New law lets Illinois police seek mental health treatment without fear of being fired
A new law aims to make police officers in Illinois more comfortable coming forward to seek mental health treatment.
People seeking mental health treatment, including police officers, can have their FOID card revoked.
In the past, this caused problems because some police agencies required officers to have active FOID cards at all times.
"There's no secret that officers sometimes need some treatment for substance abuse or mental health treatment,” said Ed Wojcicki, executive director of the Illinois Association of Chiefs of Police.
Now, with the help of a new law, officers can feel more comfortable getting that help.

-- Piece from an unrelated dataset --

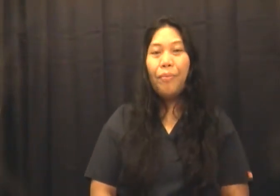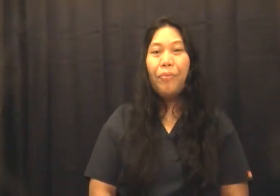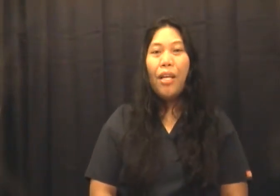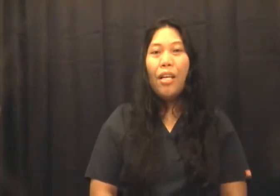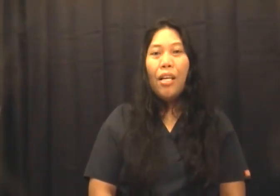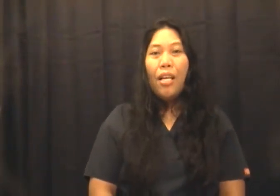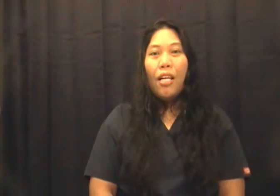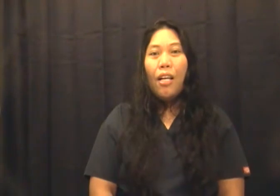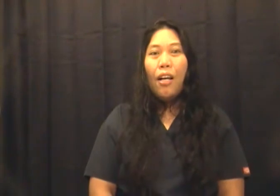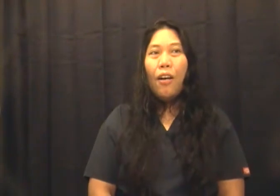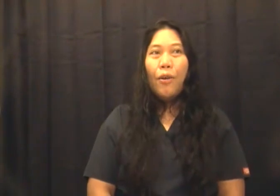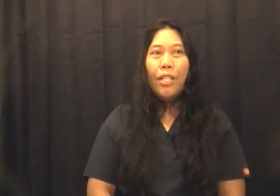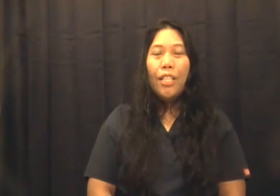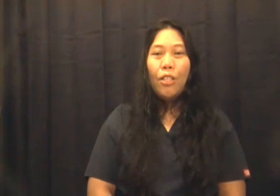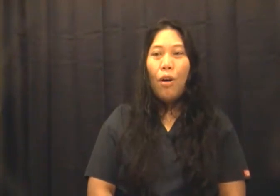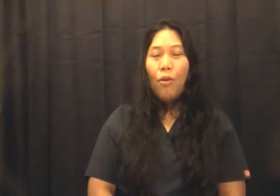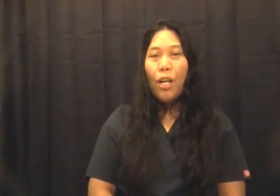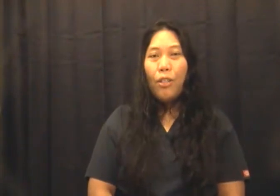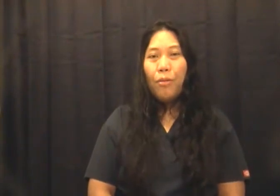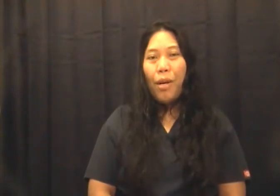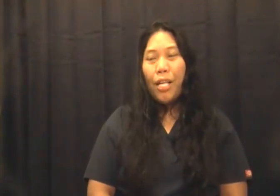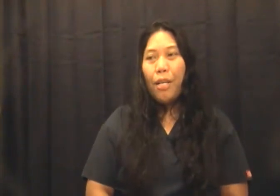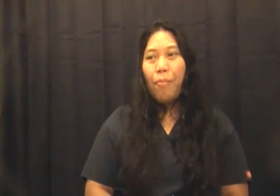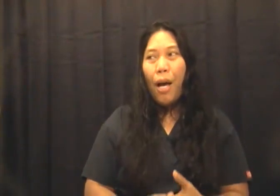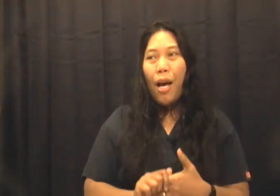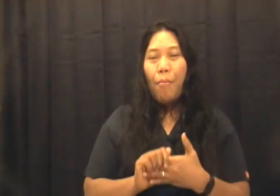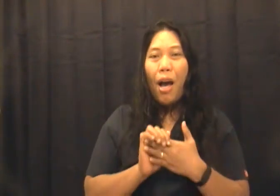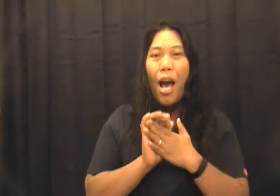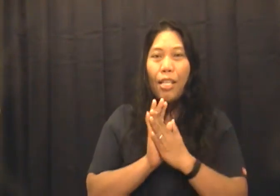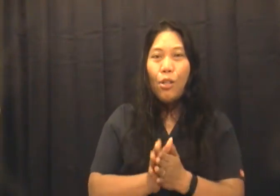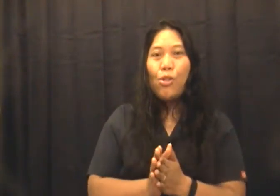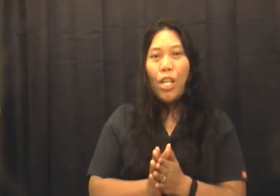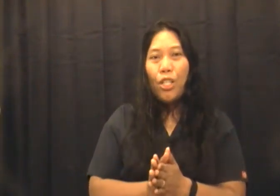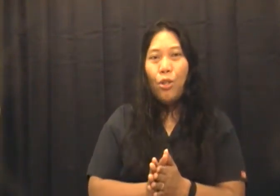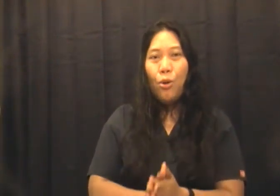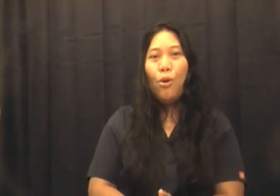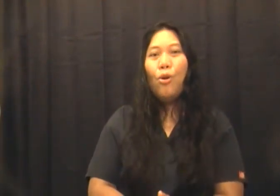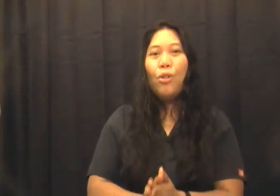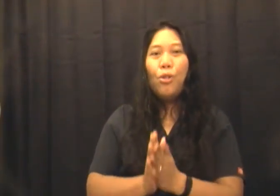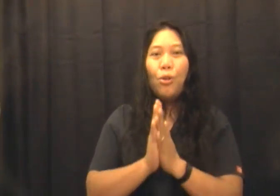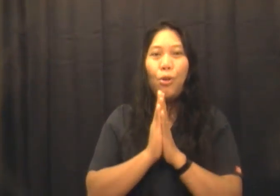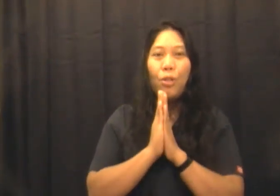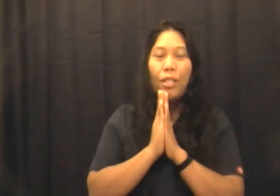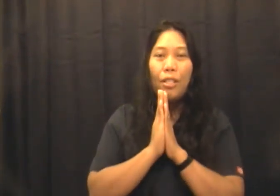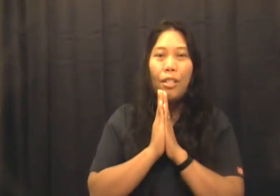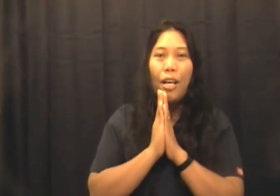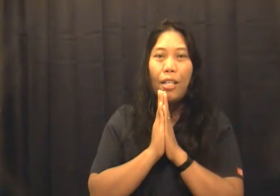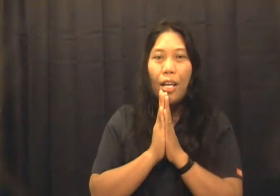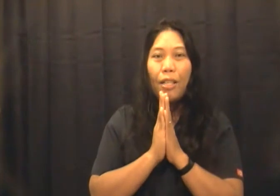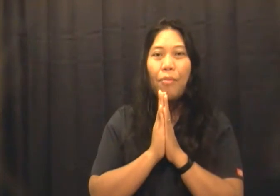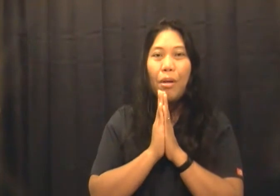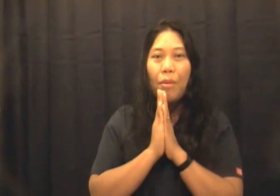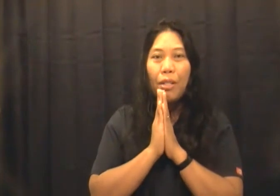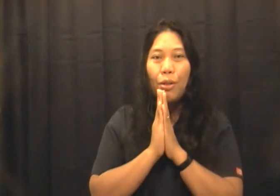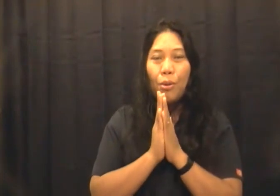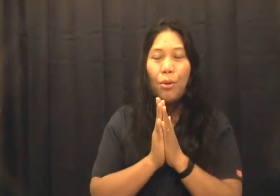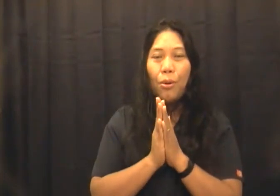rin nandito ako ngayon para ipamahagi ko sa inyo yung nararamdaman ko
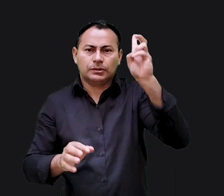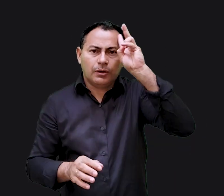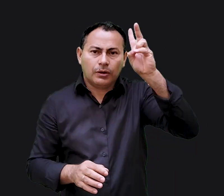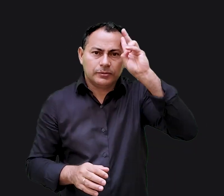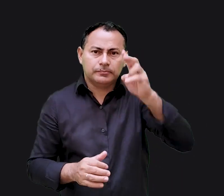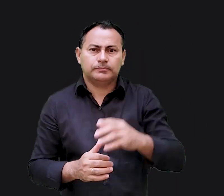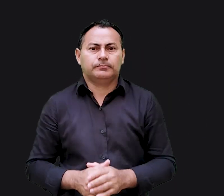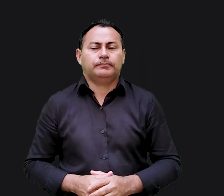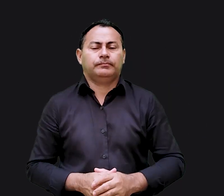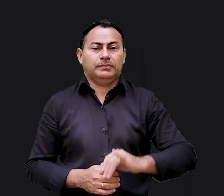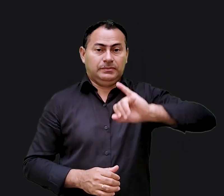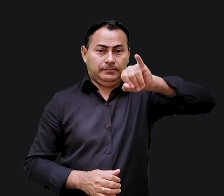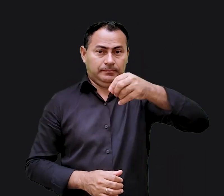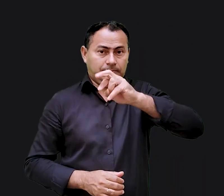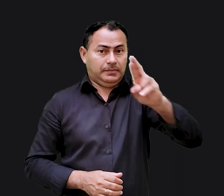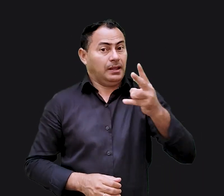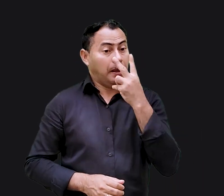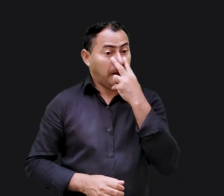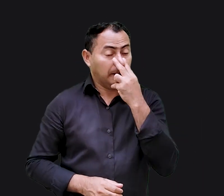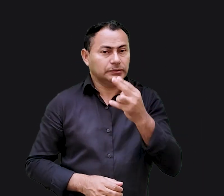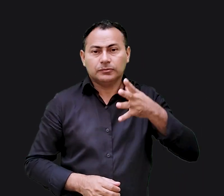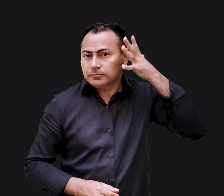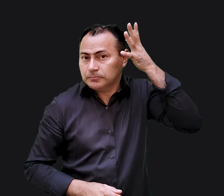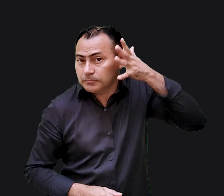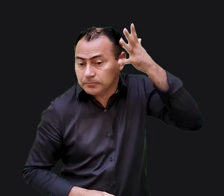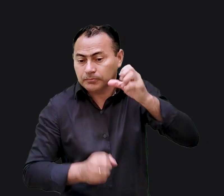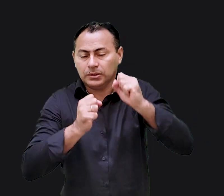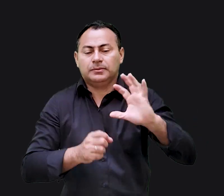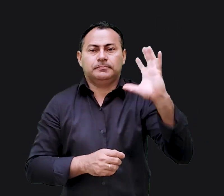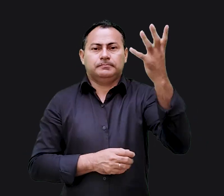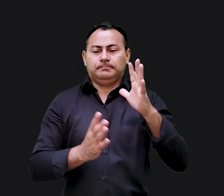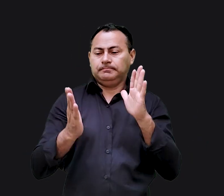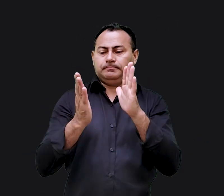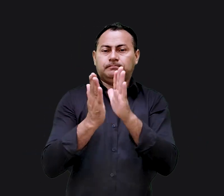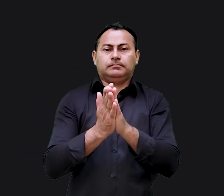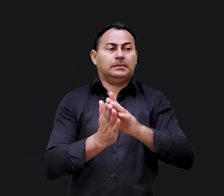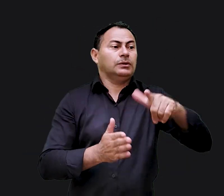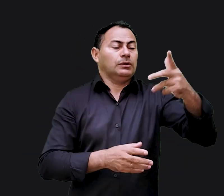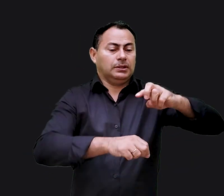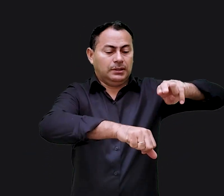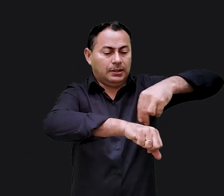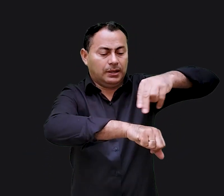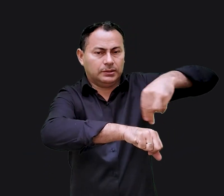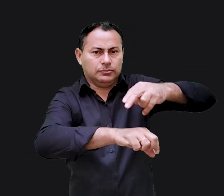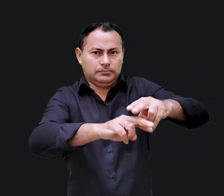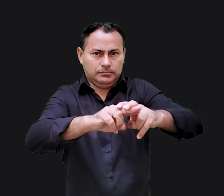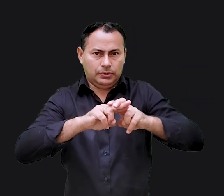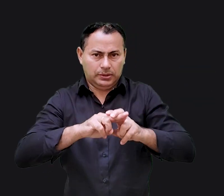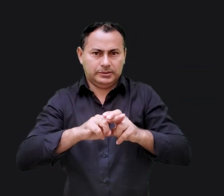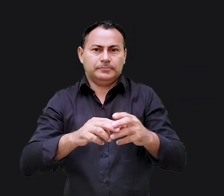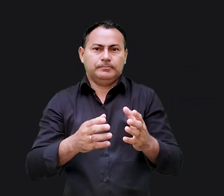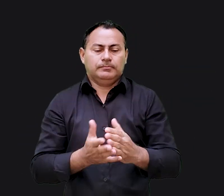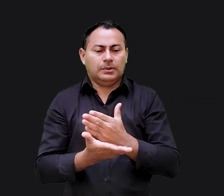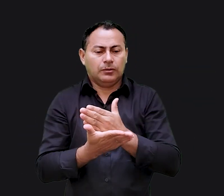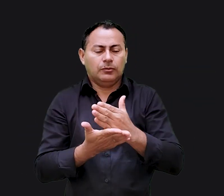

That's because having an active Firearms Owners Identification Card, or FOID card, can no longer be a condition of continued employment.
"Once people find out -- I can go get the treatment I need, I'll be good. They're not going to take my job away, they can't threaten me with my job -- I think more people will go get the treatment they need,” Wojcicki said.
So long as doctors determine an officer is not a danger to themselves or others, that officer won't necessarily lose his or her job if they temporarily lose their FOID card.
In the past, Wojcicki said officers may have been scared to get the help they needed out of fear they'd be fired.
"Truth is, a lot of officers were afraid to go to get this kind of inpatient treatment because they would lose their FOID card, and if they didn't have a FOID card, they couldn't go back to work,” Wojcicki said.
While this law protects officers seeking mental health treatment, it doesn't bar employers from deciding if an officer is fit to serve.